Create a per-sample MethylStore from a BAM file and a MethylDackel bedGraph.

Parameters:

Name Type Description Default
bam_path str | Path

Aligned BAM file (for coverage).

required
methyl_path str | Path

MethylDackel CpG bedGraph (for methylation values).

required
store_path Path | str

Output .zarr directory.

required
sample str

Sample name.

required
chromsizes str | Path | dict[str, int] | None

Path to .chrom.sizes, dict, or None to infer from BAM header.

None
Source code in quantnado/dataset/store_methyl.py
@classmethod
def from_files(
    cls,
    bam_path: str | Path,
    methyl_path: str | Path,
    store_path: Path | str,
    sample: str,
    chromsizes: str | Path | dict[str, int] | None = None,
    *,
    bam_filter: bamnado.ReadFilter | None = None,
    count_fragments: bool = False,
    chunk_len: int | None = None,
    construction_compression: str = DEFAULT_CONSTRUCTION_COMPRESSION,
    overwrite: bool = True,
    filter_chromosomes: bool = True,
    test: bool = False,
    test_chromosomes: list[str] | tuple[str, ...] | None = None,
    log_file: Path | None = None,
) -> "MethylStore":
    """Create a per-sample MethylStore from a BAM file and a MethylDackel bedGraph.

    Parameters
    ----------
    bam_path:
        Aligned BAM file (for coverage).
    methyl_path:
        MethylDackel CpG bedGraph (for methylation values).
    store_path:
        Output .zarr directory.
    sample:
        Sample name.
    chromsizes:
        Path to .chrom.sizes, dict, or None to infer from BAM header.
    """
    if log_file is not None:
        from quantnado.utils import setup_logging
        setup_logging(Path(log_file), verbose=False)

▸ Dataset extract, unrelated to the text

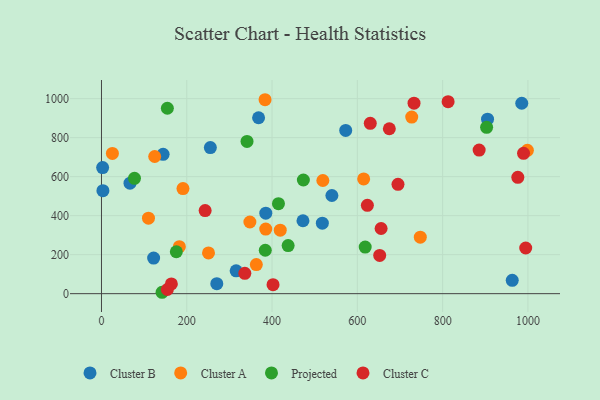
{"axis": {"x": "Price", "y": "Sales"}, "legend": ["Cluster A", "Cluster B", "Cluster C", "Projected"], "data": [{"x": "572.7", "y": 836.8, "type": "Cluster B"}, {"x": "255.3", "y": 749.1, "type": "Cluster B"}, {"x": "368.4", "y": 902.1, "type": "Cluster B"}, {"x": "3.4", "y": 528.3, "type": "Cluster B"}, {"x": "144.5", "y": 714.4, "type": "Cluster B"}, {"x": "2.7", "y": 646.6, "type": "Cluster B"}, {"x": "905.3", "y": 894.7, "type": "Cluster B"}, {"x": "315.8", "y": 117.0, "type": "Cluster B"}, {"x": "385.3", "y": 412.5, "type": "Cluster B"}, {"x": "517.9", "y": 361.3, "type": "Cluster B"}, {"x": "122.3", "y": 182.6, "type": "Cluster B"}, {"x": "540.3", "y": 503.3, "type": "Cluster B"}, {"x": "963.2", "y": 68.4, "type": "Cluster B"}, {"x": "270.4", "y": 51.2, "type": "Cluster B"}, {"x": "66.9", "y": 566.4, "type": "Cluster B"}, {"x": "985.5", "y": 976.4, "type": "Cluster B"}, {"x": "472.5", "y": 373.8, "type": "Cluster B"}, {"x": "419.2", "y": 325.4, "type": "Cluster A"}, {"x": "727.5", "y": 905.3, "type": "Cluster A"}, {"x": "614.8", "y": 588.1, "type": "Cluster A"}, {"x": "519.1", "y": 580.2, "type": "Cluster A"}, {"x": "998.7", "y": 735.0, "type": "Cluster A"}, {"x": "383.6", "y": 994.4, "type": "Cluster A"}, {"x": "747.6", "y": 289.5, "type": "Cluster A"}, {"x": "191.1", "y": 538.7, "type": "Cluster A"}, {"x": "25.6", "y": 719.2, "type": "Cluster A"}, {"x": "251.0", "y": 208.7, "type": "Cluster A"}, {"x": "110.2", "y": 387.1, "type": "Cluster A"}, {"x": "348.0", "y": 367.5, "type": "Cluster A"}, {"x": "385.2", "y": 331.3, "type": "Cluster A"}, {"x": "182.6", "y": 240.8, "type": "Cluster A"}, {"x": "363.1", "y": 149.0, "type": "Cluster A"}, {"x": "124.8", "y": 703.4, "type": "Cluster A"}, {"x": "618.4", "y": 238.9, "type": "Projected"}, {"x": "142.1", "y": 7.1, "type": "Projected"}, {"x": "77.4", "y": 591.6, "type": "Projected"}, {"x": "903.1", "y": 852.7, "type": "Projected"}, {"x": "437.7", "y": 246.7, "type": "Projected"}, {"x": "415.0", "y": 461.3, "type": "Projected"}, {"x": "341.3", "y": 780.4, "type": "Projected"}, {"x": "154.5", "y": 950.6, "type": "Projected"}, {"x": "473.4", "y": 582.8, "type": "Projected"}, {"x": "175.5", "y": 214.8, "type": "Projected"}, {"x": "384.1", "y": 222.6, "type": "Projected"}, {"x": "623.5", "y": 452.8, "type": "Cluster C"}, {"x": "336.1", "y": 104.5, "type": "Cluster C"}, {"x": "243.1", "y": 426.0, "type": "Cluster C"}, {"x": "989.7", "y": 719.4, "type": "Cluster C"}, {"x": "994.8", "y": 234.2, "type": "Cluster C"}, {"x": "630.3", "y": 873.4, "type": "Cluster C"}, {"x": "655.7", "y": 334.0, "type": "Cluster C"}, {"x": "976.3", "y": 596.3, "type": "Cluster C"}, {"x": "695.3", "y": 560.7, "type": "Cluster C"}, {"x": "163.9", "y": 50.1, "type": "Cluster C"}, {"x": "885.6", "y": 736.0, "type": "Cluster C"}, {"x": "675.0", "y": 845.5, "type": "Cluster C"}, {"x": "154.5", "y": 21.4, "type": "Cluster C"}, {"x": "652.4", "y": 196.3, "type": "Cluster C"}, {"x": "732.9", "y": 976.9, "type": "Cluster C"}, {"x": "812.8", "y": 984.5, "type": "Cluster C"}, {"x": "402.3", "y": 46.0, "type": "Cluster C"}]}

    bam_path = str(bam_path)

    if chromsizes is None:
        chromsizes = _get_chromsizes_from_bam(bam_path)

    chromsizes_dict = _parse_chromsizes(
        chromsizes,
        filter_chromosomes=filter_chromosomes,
        test=test,
        test_chromosomes=test_chromosomes,
    )

    logger.info(f"Reading methylation data from {methyl_path}")
    by_chrom = _read_bedgraph(
        methyl_path,
        filter_chromosomes=filter_chromosomes,
        test=test,
        test_chromosomes=test_chromosomes,
    )

    resolved_chunk_len = _resolve_chunk_len(chromsizes_dict, Path(store_path), chunk_len)
    compressors = _resolve_compressors(construction_compression)
    read_filter = bam_filter or bamnado.ReadFilter()

    store = cls(
        store_path=store_path,
        sample=sample,
        chromsizes=chromsizes_dict,
        chunk_len=resolved_chunk_len,
        compressors=compressors,
        overwrite=overwrite,
    )

    logger.info(f"Writing BAM coverage for {sample}")
    sparsity = store._write_coverage(bam_path, read_filter, count_fragments)
    logger.info(f"Writing methylation data for {sample}")
    store._write_methylation(by_chrom)
    store._finalise(bam_path, sparsity)

    return store